Since 2015 it is considered a World Heritage Site by UNESCO as part of the Arab-Norman route of Palermo, Monreale and Cefalù. During the summer months the visiting hours are from 08:00 to 18:00.
In the same square where the cathedral is located there is a pastry shop ice cream making corner with Corso Ruggero Street called Duomo Gelatieri. Not after the visit to the cathedral, but before saying goodbye to Cefalù we went back to eat cannoli and they proved to be the best of the trip. The riccota cream, the crunchy outside and the pieces of pistachio were to die for. We were also lucky that they were fresh.
EATING ON THE FARO’S TERRACE
Without stopping to eat but wanting to submerge already in the sea we went to look for the Giudecca Reef that we had seen from La Rocca. We thus found by chance a restaurant, Al Faro, which had a terrace right on the cliff overlooking the Arrecife of Giudecca, on the street with the same name. The restaurant was at the foot of the Cefalù Lighthouse.
In it, as in most of Sicily, the typical dish was pasta with seafood or fish. However, luckily for me there was also veggie option, as always 🙂
We also enjoyed our first of many mezzi litri di bianco della casa.
After lunch we went to find an access point to the Giudecca Reef. On the map I have indicated the postierla by which we get down to the reef. And it is not easy to find. We had to go through the oldest streets we saw in all of Cefalù. Without a doubt, this area is the most historic and least reformed of the town. To get to the sea you have to literally cross the medieval wall that appears in the movie Cinema Paradiso.
I must say that the reef is nothing more than a volcanic rock terrain that has formed impossible forms into the sea. The difficulty of access makes you find a place of peace and tranquility much closer to the center than the beach of Cefalù. Incredible as it may seem, you will be alone. However privacy is not guaranteed as the Norman wall converted into housing that has views of this area.
Although there is no fine sand on which to lay, the place may not be more suitable for diving. So you know…
AMAZON GIRLS WEAR DIVING GOOGLES 😉
From this area you can see the restaurant Al Faro, where we had eaten, with the lighthouse in the background.
DRIVING OVER THE SEA
As I mentioned above, we did not spent the night in Cefalù. First, because the prices of the accommodation are expensive; and secondly, because the next day began our first great adventure, climbing the Stromboli volcano. So -as to get to Stromboli- you have to catch a ferry that leaves from Milazzo, we decided to spend that night there.
The GPS marked 4 hours of travel, so we started early. At dusk Dani made me stop since the sky was beautiful.
The road we were going through, SS113, seemed to go over the sea. All along, he followed the coast lines; simply separated from the sea by the tracks of the train that also follow this shape. Suddenly a train passed and the scene was perfect to close our second day of the first of our trips.
However I cannot close the post without telling the truth of our 4 hour trip to Cefalù, Milazzo.
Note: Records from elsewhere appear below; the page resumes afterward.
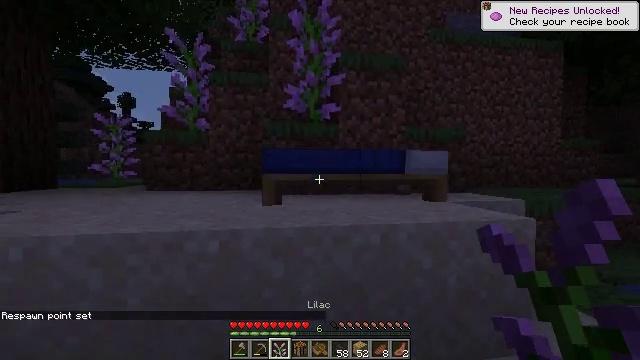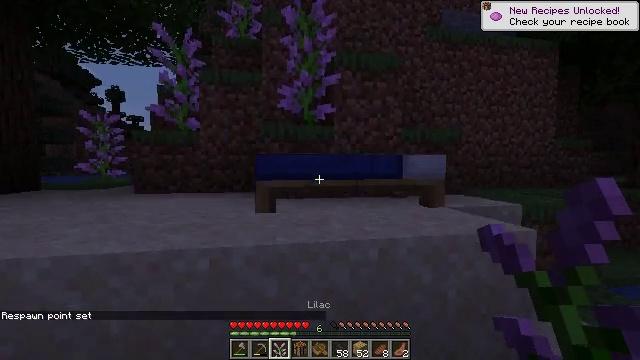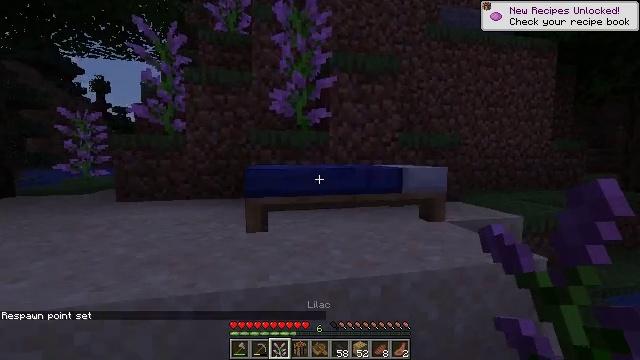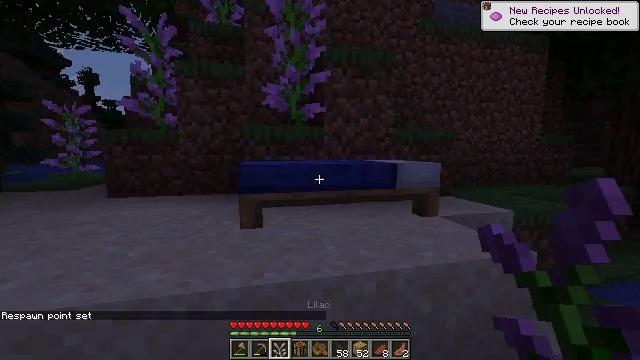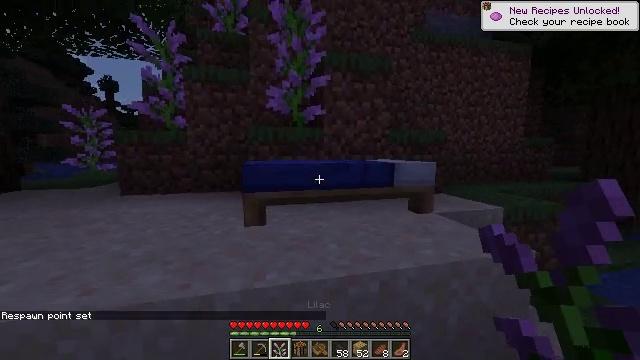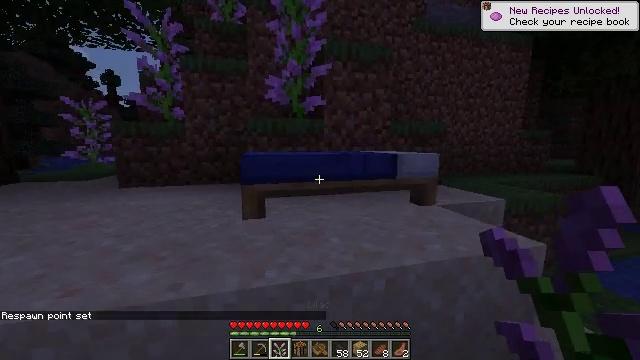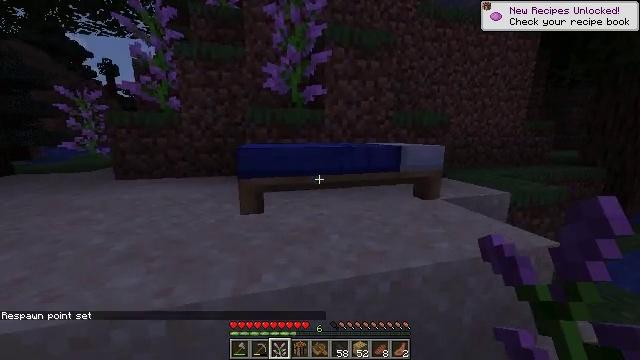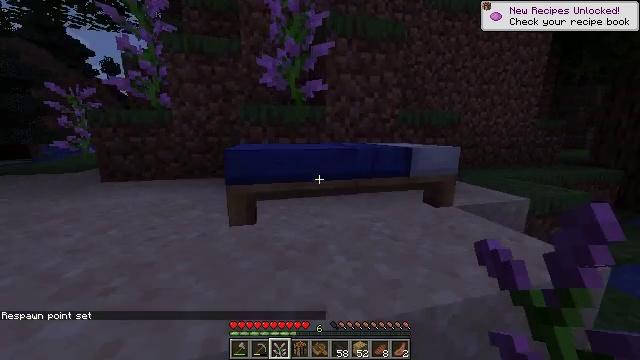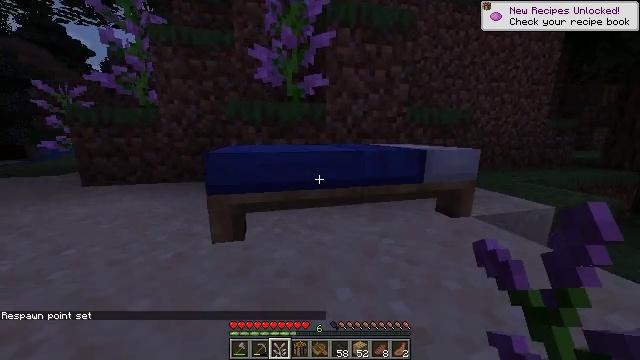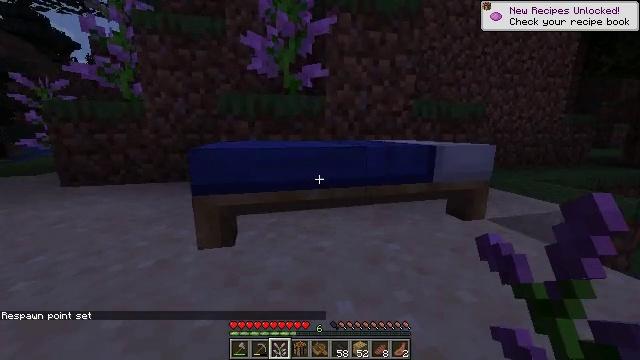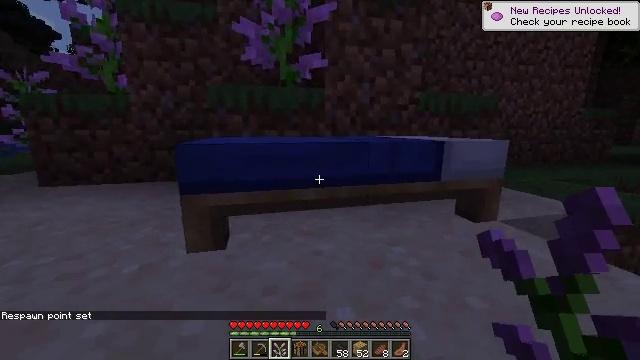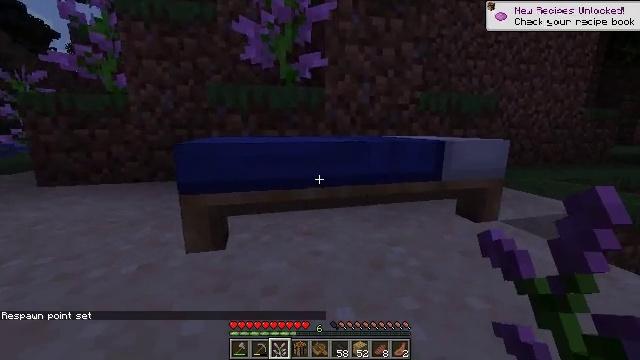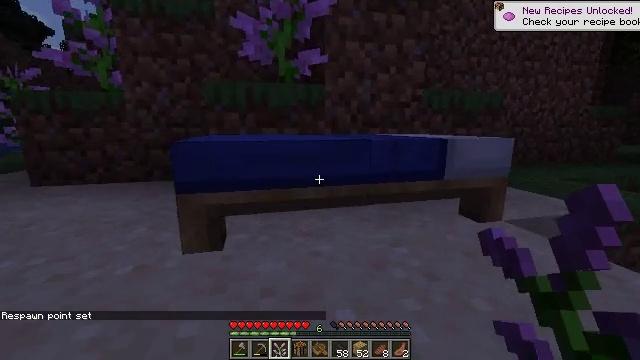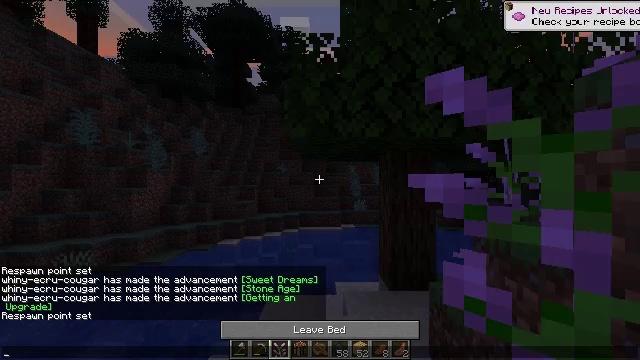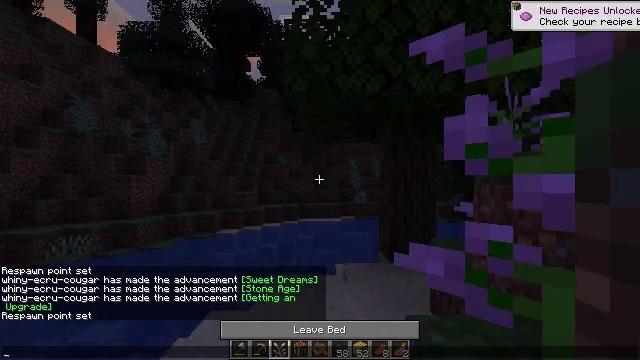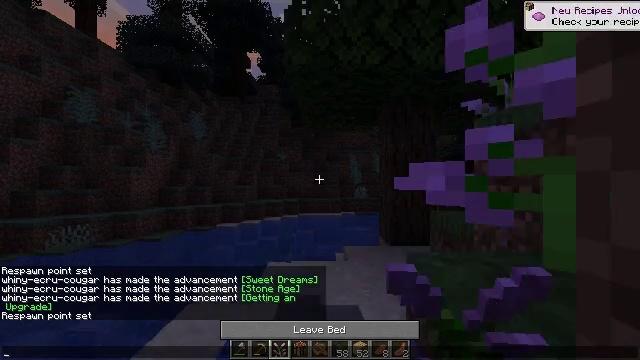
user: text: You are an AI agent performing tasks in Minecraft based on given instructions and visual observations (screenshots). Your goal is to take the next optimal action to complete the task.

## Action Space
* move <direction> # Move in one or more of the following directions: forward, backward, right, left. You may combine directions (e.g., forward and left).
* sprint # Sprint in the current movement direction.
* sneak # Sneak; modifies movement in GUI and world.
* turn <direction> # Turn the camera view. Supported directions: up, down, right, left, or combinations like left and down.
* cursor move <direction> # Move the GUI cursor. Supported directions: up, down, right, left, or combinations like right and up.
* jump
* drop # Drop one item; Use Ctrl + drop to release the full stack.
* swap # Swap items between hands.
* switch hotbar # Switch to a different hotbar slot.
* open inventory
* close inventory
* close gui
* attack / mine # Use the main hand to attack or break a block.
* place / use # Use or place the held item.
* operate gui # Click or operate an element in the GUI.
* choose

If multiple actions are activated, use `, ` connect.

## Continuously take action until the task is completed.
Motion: motion action
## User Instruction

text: Mine the blue bed to pick it up.
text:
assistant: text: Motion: move forward, sprint, turn right and down, jump
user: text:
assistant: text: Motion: move forward, sprint, turn right and down, jump
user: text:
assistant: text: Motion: move forward, sprint, turn right and down, jump
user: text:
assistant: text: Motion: move forward
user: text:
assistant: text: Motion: move forward, turn down
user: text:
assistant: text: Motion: move forward, turn down
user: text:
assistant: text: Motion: move forward, use / place
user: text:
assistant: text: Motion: use / place
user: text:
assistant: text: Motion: use / place
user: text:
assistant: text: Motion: use / place
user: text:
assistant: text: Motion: no_op
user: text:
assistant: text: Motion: no_op
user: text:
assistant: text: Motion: no_op
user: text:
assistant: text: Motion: open gui
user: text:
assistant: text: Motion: no_op
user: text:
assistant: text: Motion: no_op
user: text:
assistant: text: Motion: no_op
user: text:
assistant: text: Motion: no_op
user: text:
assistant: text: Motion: no_op
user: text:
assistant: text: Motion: no_op
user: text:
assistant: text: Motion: no_op
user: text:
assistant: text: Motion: no_op
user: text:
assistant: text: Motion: no_op
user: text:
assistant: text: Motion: no_op
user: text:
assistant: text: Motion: no_op
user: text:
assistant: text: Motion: no_op
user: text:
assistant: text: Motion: cursor move left
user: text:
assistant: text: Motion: cursor move left
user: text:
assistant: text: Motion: cursor move left
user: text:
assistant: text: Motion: no_op

The GPS that we got when we rented the car was avoiding tolls. The same route that we were doing was done in an hour and a half paying tolls. After two and a half hours of desperation in which we got lost in towns of all kinds in whose alleys we were trapped. At least between the friendliness of the people and the sunset that we had lived along the coast the journey made it much less hard.